= Auburn turkey =

Breed of turkey

The Auburn, also known as the Light Brown, is a breed of domestic turkey. A heritage turkey, the Auburn is one of the rarest varieties currently in existence. It has been referenced by name in written records since the 18th century and is named after the light reddish-brown color of its plumage. There is also an extremely rare variant of the Auburn, called the Silver Auburn.

==History==
This is an old variety that was listed in receipts when transporting turkeys to markets in "turkey trots" during the late 18th and early 19th centuries in Philadelphia. They are sex-linked and thus were important at the beginning of this century for producing poults that could be sexed at hatching. Cross-breedings of Auburn toms and Bronze hens were done to produce Bronze toms and Auburn hens thus making it quite easy to sex poults by color at hatch. However, this did not become a serious market requirement and they never became very popular.
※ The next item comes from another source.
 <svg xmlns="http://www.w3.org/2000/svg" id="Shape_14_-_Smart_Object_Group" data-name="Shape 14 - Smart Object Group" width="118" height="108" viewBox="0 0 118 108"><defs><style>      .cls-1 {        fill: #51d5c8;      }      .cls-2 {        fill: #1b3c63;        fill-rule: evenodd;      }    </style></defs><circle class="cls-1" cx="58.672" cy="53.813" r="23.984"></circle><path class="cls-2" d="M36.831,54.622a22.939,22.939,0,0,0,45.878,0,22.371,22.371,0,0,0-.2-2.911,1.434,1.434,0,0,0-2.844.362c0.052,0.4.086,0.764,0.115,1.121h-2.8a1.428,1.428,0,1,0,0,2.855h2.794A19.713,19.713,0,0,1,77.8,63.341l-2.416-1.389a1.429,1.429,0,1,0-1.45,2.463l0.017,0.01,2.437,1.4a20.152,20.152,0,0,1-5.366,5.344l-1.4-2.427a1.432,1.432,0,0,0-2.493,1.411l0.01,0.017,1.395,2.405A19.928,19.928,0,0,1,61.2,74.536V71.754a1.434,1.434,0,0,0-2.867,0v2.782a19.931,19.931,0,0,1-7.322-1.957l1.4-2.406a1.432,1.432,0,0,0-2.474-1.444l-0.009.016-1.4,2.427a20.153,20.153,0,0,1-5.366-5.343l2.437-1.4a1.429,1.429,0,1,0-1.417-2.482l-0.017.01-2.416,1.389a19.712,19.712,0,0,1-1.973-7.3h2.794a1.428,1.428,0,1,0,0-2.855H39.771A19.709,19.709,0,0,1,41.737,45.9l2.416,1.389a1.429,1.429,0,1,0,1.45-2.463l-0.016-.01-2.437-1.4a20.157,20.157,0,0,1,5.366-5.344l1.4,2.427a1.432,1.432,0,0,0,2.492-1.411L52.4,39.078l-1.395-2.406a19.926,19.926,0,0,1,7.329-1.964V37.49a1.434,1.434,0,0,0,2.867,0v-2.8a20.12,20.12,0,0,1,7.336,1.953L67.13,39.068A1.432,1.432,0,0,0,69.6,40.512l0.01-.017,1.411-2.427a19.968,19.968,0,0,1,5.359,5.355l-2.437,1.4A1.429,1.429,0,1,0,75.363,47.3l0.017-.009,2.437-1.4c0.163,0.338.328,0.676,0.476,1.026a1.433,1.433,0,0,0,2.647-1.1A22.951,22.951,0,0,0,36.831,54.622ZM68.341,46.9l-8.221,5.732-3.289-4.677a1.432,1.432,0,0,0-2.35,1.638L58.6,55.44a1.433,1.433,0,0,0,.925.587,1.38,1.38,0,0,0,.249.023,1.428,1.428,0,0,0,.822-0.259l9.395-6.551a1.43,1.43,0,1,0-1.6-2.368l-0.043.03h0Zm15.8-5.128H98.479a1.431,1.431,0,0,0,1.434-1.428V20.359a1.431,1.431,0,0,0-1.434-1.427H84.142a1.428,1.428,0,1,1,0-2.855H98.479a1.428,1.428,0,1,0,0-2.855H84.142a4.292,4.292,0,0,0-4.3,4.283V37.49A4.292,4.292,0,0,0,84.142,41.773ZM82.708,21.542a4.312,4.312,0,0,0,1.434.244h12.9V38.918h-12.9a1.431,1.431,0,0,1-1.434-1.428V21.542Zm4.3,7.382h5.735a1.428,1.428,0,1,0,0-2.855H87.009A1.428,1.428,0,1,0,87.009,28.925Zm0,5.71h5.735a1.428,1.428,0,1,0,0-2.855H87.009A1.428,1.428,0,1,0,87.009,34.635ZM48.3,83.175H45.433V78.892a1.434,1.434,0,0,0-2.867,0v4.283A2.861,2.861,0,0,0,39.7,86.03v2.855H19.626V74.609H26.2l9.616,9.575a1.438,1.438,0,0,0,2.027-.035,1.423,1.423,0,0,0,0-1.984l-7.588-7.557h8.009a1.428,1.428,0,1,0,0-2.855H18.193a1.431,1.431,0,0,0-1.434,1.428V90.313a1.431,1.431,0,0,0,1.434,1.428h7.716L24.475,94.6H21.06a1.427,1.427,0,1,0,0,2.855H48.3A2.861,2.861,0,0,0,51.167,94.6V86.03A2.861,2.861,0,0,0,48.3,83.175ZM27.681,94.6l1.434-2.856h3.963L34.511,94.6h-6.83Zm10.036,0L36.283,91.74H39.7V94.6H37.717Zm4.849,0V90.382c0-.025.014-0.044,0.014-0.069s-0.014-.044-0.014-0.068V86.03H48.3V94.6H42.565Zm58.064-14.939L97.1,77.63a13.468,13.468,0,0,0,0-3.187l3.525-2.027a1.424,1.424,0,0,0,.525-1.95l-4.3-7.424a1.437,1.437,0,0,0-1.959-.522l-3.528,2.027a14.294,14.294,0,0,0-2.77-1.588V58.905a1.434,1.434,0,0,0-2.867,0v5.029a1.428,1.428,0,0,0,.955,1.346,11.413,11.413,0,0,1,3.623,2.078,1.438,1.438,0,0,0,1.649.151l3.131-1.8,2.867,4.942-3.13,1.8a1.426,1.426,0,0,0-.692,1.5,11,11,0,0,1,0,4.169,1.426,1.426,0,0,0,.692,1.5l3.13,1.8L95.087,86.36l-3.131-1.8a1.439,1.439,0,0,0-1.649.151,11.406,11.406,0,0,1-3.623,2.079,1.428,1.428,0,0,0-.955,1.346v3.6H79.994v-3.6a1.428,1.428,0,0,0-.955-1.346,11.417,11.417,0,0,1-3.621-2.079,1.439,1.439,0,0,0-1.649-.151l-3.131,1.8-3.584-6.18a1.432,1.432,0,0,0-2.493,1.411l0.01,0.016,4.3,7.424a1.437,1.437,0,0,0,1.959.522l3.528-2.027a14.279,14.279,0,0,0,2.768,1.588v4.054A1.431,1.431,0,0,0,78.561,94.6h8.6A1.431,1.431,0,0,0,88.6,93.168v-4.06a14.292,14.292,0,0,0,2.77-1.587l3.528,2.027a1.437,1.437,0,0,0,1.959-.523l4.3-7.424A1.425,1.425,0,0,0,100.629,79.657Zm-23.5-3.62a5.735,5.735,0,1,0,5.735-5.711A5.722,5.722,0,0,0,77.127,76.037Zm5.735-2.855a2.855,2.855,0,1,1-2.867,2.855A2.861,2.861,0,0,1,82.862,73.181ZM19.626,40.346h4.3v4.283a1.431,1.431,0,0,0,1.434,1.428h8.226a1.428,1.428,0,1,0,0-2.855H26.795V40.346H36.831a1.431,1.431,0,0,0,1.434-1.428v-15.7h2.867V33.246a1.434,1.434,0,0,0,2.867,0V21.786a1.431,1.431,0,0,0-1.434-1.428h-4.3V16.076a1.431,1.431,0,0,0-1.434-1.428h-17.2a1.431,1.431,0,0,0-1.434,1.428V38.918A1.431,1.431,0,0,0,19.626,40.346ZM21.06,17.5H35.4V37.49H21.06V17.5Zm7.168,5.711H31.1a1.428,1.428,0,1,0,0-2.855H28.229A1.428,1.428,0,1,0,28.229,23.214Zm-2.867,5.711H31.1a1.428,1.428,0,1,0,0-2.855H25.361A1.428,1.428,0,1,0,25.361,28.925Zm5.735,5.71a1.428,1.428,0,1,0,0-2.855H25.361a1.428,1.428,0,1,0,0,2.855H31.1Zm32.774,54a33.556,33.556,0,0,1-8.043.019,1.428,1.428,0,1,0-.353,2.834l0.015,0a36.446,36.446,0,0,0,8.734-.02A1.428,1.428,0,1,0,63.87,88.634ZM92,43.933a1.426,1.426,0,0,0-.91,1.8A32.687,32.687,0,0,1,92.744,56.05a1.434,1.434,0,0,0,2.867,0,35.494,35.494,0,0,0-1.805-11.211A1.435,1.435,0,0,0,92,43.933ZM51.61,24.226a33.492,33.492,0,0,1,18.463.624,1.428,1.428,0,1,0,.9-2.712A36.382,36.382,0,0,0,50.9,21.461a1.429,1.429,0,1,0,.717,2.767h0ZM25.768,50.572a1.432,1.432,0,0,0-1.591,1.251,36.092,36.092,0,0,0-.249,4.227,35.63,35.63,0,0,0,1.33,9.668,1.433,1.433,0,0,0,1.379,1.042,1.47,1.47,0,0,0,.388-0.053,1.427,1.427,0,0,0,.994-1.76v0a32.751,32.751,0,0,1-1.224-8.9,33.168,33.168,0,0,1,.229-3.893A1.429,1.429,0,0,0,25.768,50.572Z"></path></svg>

However, when breeding Auburn turkeys together, auburn-colored poults will be produced in both sexes.
==Types==
Auburn describes a variation in the typical bronze plumage color in which bronze is replaced with a red-brown pigmentation. At day of age, the Auburn poult resembles the Bronze but with black stripes replaced with a red-brown coloration. In the adult bird, the bronze pigmentation is also replaced by a red-brown color. The barring present in the primary and secondary flight feathers is red-brown and white in contrast to the black and white typical in the bronze bird.